AIM OF THE EXERCISE: Starting with the line that holds "Here the designer", reproduce each line through the last one of the data, exactly as written. Pictures are not copied.

LISTED RECORDS:
=-=-=-=-=
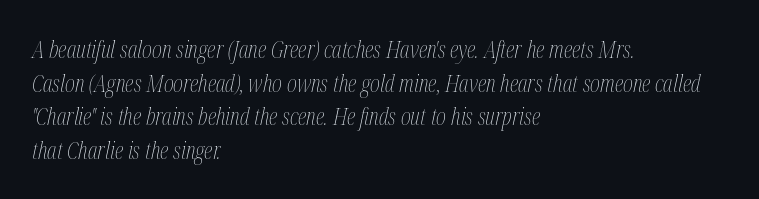
The image shows 24 px text type, italic (leaning right); set left-aligned, normal line spacing (1.4x), normal letter spacing, not underlined.
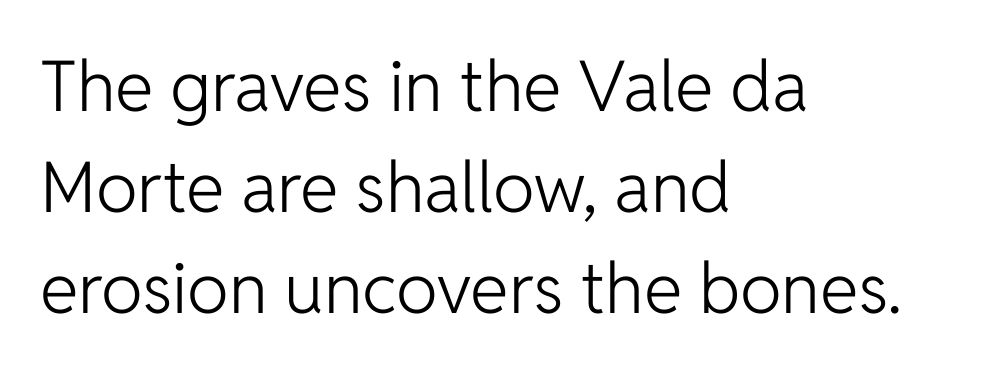
Here the designer chose a conventional face with non-uniform glyph widths. What stands out about the letter spacing? Nothing — it is the standard amount. Weight class: somewhere from thin through regular. Horizontal bands of white between lines are of average thickness. Nothing sits at the stroke ends, so this counts as sans-serif. The passage shown is not underscored anywhere.
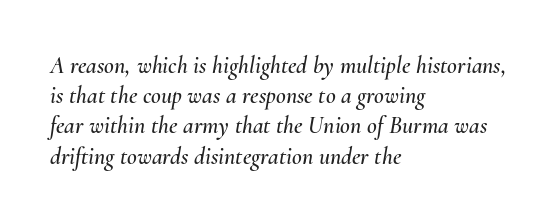
The space directly below the letters is spotless. Does the lettering tilt? It does — this is italic. These lines are set flush left with a ragged right edge. Does the leading feel generous? No, just average. Nothing unusual about the tracking: characters are spaced as the font intends.
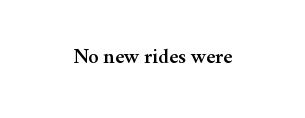
{"italic": "no", "underline": "no", "letter_spacing": "normal", "letter_spacing_em": 0.0, "glyph_px": 21}
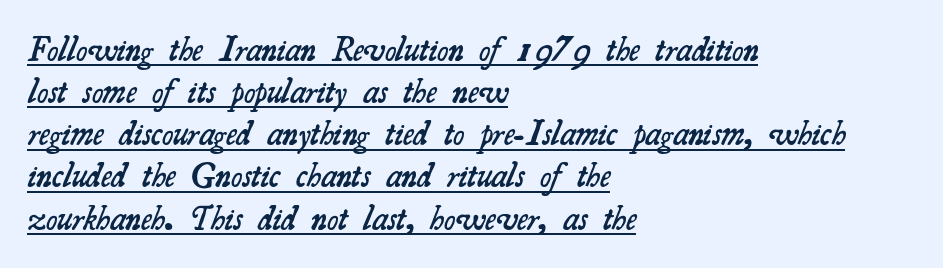
{"serif": "yes", "bold": "semi", "weight": "semibold", "width": "normal", "stroke_contrast": "medium", "x_height": "small", "monospaced": "no", "underline": "yes", "align": "left", "line_spacing_ratio": 1.24, "letter_spacing": "normal", "letter_spacing_em": 0.0, "glyph_px": 34}
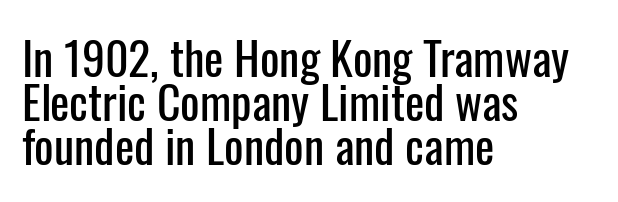
{"serif": "no", "italic": "no", "width": "condensed", "stroke_contrast": "low", "x_height": "medium", "monospaced": "no", "underline": "no", "align": "left", "line_spacing": "tight", "line_spacing_ratio": 0.96, "letter_spacing": "normal", "letter_spacing_em": 0.0, "glyph_px": 46}
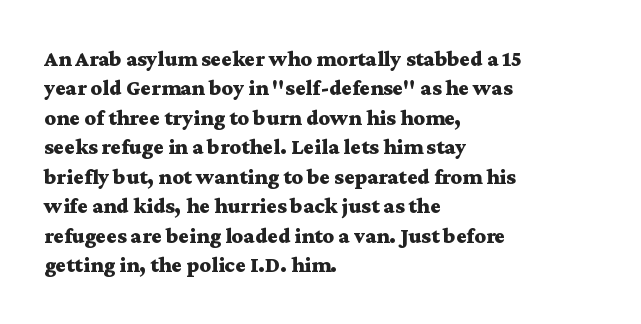
{"italic": "no", "bold": "yes", "underline": "no", "align": "left", "line_spacing": "normal", "line_spacing_ratio": 1.34, "letter_spacing": "normal", "letter_spacing_em": 0.0, "glyph_px": 22}
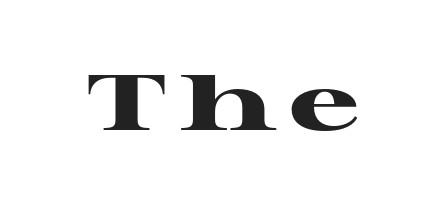
The image shows 79 px heavy, wide serif type, upright; set not underlined; high stroke contrast and a medium x-height.
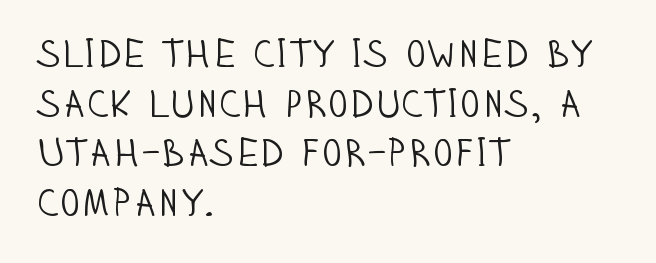
The image shows 39 px light, condensed sans-serif type, upright; set left-aligned, normal line spacing (1.27x), normal letter spacing, not underlined; low stroke contrast and a large x-height.
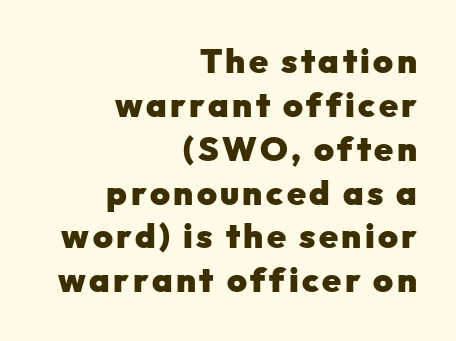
=-=-=-=-=
EXERCISE RESPONSE:
Here the designer chose a conventional face with non-uniform glyph widths. What stands out about the letter spacing? Nothing — it is the standard amount. Weight class: somewhere from thin through regular. Horizontal bands of white between lines are of average thickness. Nothing sits at the stroke ends, so this counts as sans-serif. The passage shown is not underscored anywhere.
The space directly below the letters is spotless. Does the lettering tilt? It does — this is italic. These lines are set flush left with a ragged right edge. Does the leading feel generous? No, just average. Nothing unusual about the tracking: characters are spaced as the font intends.
{"italic": "no", "underline": "no", "letter_spacing": "normal", "letter_spacing_em": 0.0, "glyph_px": 21}
{"serif": "yes", "bold": "semi", "weight": "semibold", "width": "normal", "stroke_contrast": "medium", "x_height": "small", "monospaced": "no", "underline": "yes", "align": "left", "line_spacing_ratio": 1.24, "letter_spacing": "normal", "letter_spacing_em": 0.0, "glyph_px": 34}
{"serif": "no", "italic": "no", "width": "condensed", "stroke_contrast": "low", "x_height": "medium", "monospaced": "no", "underline": "no", "align": "left", "line_spacing": "tight", "line_spacing_ratio": 0.96, "letter_spacing": "normal", "letter_spacing_em": 0.0, "glyph_px": 46}
{"italic": "no", "bold": "yes", "underline": "no", "align": "left", "line_spacing": "normal", "line_spacing_ratio": 1.34, "letter_spacing": "normal", "letter_spacing_em": 0.0, "glyph_px": 22}
The image shows 79 px heavy, wide serif type, upright; set not underlined; high stroke contrast and a medium x-height.
The image shows 39 px light, condensed sans-serif type, upright; set left-aligned, normal line spacing (1.27x), normal letter spacing, not underlined; low stroke contrast and a large x-height.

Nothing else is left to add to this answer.